[What to work on]: When you copy the data that follows, reproduce every word exactly and leave out the images.

[[ Data to examine, beginning ]]

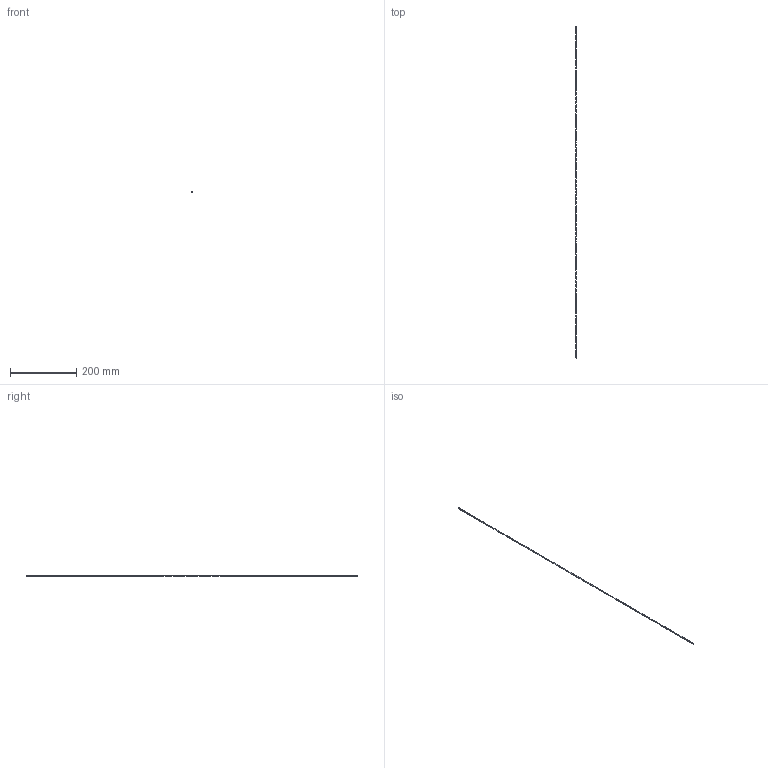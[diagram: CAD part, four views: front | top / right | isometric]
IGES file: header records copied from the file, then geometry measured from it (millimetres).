
Start section: C
Global section: file name: 384xx407_MaxSize.igs; native system: By Siemens PLM Incorporated; preprocessor: XPlus GENERIC/IGES 21.0.46; author: Author; organization: Title; date: 20190916.095757; units: millimetre
Bounding box: 2.65 x 1000.2 x 2.65 mm (x, y, z)
Surface area: 16232.9 mm2 (no closed solid volume)
Topology: 0 solids, 0 shells, 6 faces, 20 edges, 20 vertices
Faces by surface type: bspline 6

[[ Data to examine, end ]]

[Answer to this task]:
[diagram: CAD part, four views: front | top / right | isometric]
IGES file: header records copied from the file, then geometry measured from it (millimetres).
Start section: C
Global section: file name: 384xx407_MaxSize.igs; native system: By Siemens PLM Incorporated; preprocessor: XPlus GENERIC/IGES 21.0.46; author: Author; organization: Title; date: 20190916.095757; units: millimetre
Bounding box: 2.65 x 1000.2 x 2.65 mm (x, y, z)
Surface area: 16232.9 mm2 (no closed solid volume)
Topology: 0 solids, 0 shells, 6 faces, 20 edges, 20 vertices
Faces by surface type: bspline 6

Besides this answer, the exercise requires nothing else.